Opinion
No. CV 06 4010562S
November 13, 2007
MEMORANDUM OF DECISION
The plaintiff, J.C. Penney Corporation, Inc. (J.C. Penney), filed this tax appeal challenging the assessor's valuation of personal property located at its warehouse in the town of Manchester (town), as of the revaluation date of October 1, 2005.
J.C. Penney brings this action in two counts. Count one is brought under General Statutes § 12-117a dealing with valuation. Under count one, J.C. Penney claims that the assessor improperly used a mass appraisal process to determine the value of its personal property rather than the market value, as required by statute. Count two is brought under General Statutes § 12-119 dealing with an illegal action by the assessor.
The subject personal property was located at J.C. Penney's catalog distribution center warehouse at 1339 Tolland Turnpike on October 1, 2005. The distribution center spans 2,000,000 square feet and includes a central warehouse with receiving, sorting, packaging and product storage areas, executive and general offices, a cafeteria, a machine shop and repair facility and an in-house information technology center.
The distribution center contains two major areas, the largest of which consists of racking and shelving, forklifts, office furniture and machines, conveyor systems, repair and maintenance equipment, commercial printing, computer and information technology equipment and related assets. The assets in the secondary area, known as the Store Support Center, are separately assessed in a separate personal property account, the value of which is not at issue in this appeal.
J.C. Penney claims that the final value of the subject personal property at its distribution center was $1,219,000, as of October 1, 2005. See plaintiff's post-trial brief, dated July 19, 2007, p. 13, referring to plaintiff's Exhibit 2. In contrast, the assessors's valuation of the subject personal property was $21,114,786, as of October 1, 2005.
The plaintiff's appraiser, Kenneth P. Katz (Katz), concluded that the subject personal property had two different values. In his opinion, "the current aggregate Fair Market Value in Continued Use of the assets as described in the accompanying equipment listing would be approximately $10,778,000.00 (rounded to the nearest 1,000) . . . [T]he current aggregate gross Fair Market Value (removed) of the assets as described in the accompanying equipment listing would be approximately $1,854,000.00 (rounded to the nearest 1,000)." (Emphasis omitted.) (Plaintiff's Exhibit 2, p. 6.) Katz arrived at his final value of $1,219,000 by deducting the amount of $635,000 attributed to various costs, including removing and disposing of assets, marketing and sales commissions, from his determination of the "current aggregate gross Fair Market Value (removed) of the assets" in the amount of $1,854,000. (Plaintiff's Exhibit 2, p. 6.) As the defendant correctly points out, General Statutes § 12-63(a) specifically prohibits the use of property value based upon a forced or auction sale, a process similarly described by Katz in disposing of J.C. Penney's assets.

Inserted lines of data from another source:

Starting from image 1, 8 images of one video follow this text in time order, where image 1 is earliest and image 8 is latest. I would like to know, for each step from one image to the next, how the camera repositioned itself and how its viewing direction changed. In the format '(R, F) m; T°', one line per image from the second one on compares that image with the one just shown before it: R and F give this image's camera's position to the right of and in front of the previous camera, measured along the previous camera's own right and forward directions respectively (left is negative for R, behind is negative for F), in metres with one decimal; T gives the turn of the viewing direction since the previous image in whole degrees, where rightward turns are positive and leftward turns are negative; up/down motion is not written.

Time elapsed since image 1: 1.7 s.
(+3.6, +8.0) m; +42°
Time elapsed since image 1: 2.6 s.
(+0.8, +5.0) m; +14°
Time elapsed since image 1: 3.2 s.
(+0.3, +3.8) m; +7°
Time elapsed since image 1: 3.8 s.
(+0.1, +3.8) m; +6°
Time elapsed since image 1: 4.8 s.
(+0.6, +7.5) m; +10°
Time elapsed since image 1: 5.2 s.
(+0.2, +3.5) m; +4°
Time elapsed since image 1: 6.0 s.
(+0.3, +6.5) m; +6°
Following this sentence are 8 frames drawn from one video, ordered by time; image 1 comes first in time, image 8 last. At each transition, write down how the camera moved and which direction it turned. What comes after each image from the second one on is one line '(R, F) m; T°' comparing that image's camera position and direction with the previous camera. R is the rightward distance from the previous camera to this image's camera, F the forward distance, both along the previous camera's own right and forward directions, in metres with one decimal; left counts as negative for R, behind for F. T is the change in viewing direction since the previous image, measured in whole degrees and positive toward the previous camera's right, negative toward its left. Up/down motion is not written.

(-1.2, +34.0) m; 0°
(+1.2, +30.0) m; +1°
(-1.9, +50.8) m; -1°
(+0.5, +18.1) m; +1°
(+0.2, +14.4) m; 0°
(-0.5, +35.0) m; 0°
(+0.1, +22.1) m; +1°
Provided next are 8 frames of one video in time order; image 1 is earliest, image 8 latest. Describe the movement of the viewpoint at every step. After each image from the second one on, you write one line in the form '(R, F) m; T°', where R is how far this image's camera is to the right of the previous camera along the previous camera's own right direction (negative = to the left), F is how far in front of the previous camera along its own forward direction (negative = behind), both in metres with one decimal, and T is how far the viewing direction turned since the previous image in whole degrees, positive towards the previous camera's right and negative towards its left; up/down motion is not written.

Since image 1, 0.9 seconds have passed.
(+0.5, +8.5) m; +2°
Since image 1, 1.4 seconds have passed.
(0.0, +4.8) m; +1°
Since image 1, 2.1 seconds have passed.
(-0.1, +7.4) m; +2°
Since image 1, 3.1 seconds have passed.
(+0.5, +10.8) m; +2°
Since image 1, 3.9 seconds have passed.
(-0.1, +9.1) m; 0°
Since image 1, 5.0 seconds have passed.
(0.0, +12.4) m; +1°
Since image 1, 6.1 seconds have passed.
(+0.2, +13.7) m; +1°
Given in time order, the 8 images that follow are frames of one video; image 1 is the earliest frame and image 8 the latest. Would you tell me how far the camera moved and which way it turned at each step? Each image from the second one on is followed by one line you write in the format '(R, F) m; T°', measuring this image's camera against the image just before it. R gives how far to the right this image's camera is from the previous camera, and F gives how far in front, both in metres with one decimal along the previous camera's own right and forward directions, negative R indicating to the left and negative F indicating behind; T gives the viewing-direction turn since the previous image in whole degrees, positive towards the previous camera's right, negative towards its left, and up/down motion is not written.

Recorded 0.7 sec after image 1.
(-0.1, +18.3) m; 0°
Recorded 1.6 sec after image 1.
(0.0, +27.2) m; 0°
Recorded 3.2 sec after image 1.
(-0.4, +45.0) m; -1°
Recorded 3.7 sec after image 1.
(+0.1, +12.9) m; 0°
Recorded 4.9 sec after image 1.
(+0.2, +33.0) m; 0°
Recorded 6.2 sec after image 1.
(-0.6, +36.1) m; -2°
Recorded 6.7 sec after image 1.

The town engaged as a witness Steven Kosofsky, the assessor for the town of Windsor with over 27 years experience as a municipal assessor, to support its valuation of the subject personal property, as of October 1, 2005. The Manchester assessor had requested that Mr. Kosofsky check his techniques. After reviewing the use of the modified cost approach in the mass appraisal report, Mr. Kosofsky concluded that the subject personal property had a fair market value of $21,114,768, as of October 1, 2005, which equaled the Manchester assessor's valuation.
General Statutes § 12-71, which imposes a tax on personal property, starts with a general proposition in subsection (a) that "[a]ll goods, chattels and effects or any interest therein . . . belonging to any person who is a resident in this state, shall be listed for purposes of property tax in the town where such person resides . . ." Furthermore, General Statutes § 12-40 et seq., provides that all persons in a town "liable to pay taxes to bring in a declaration of the taxable personal property belonging to them on the first day of October in that year . . ." In this way, the legislature has established a process, under a self-reporting system, in order for the assessors to receive information on taxpayers' personal property assets.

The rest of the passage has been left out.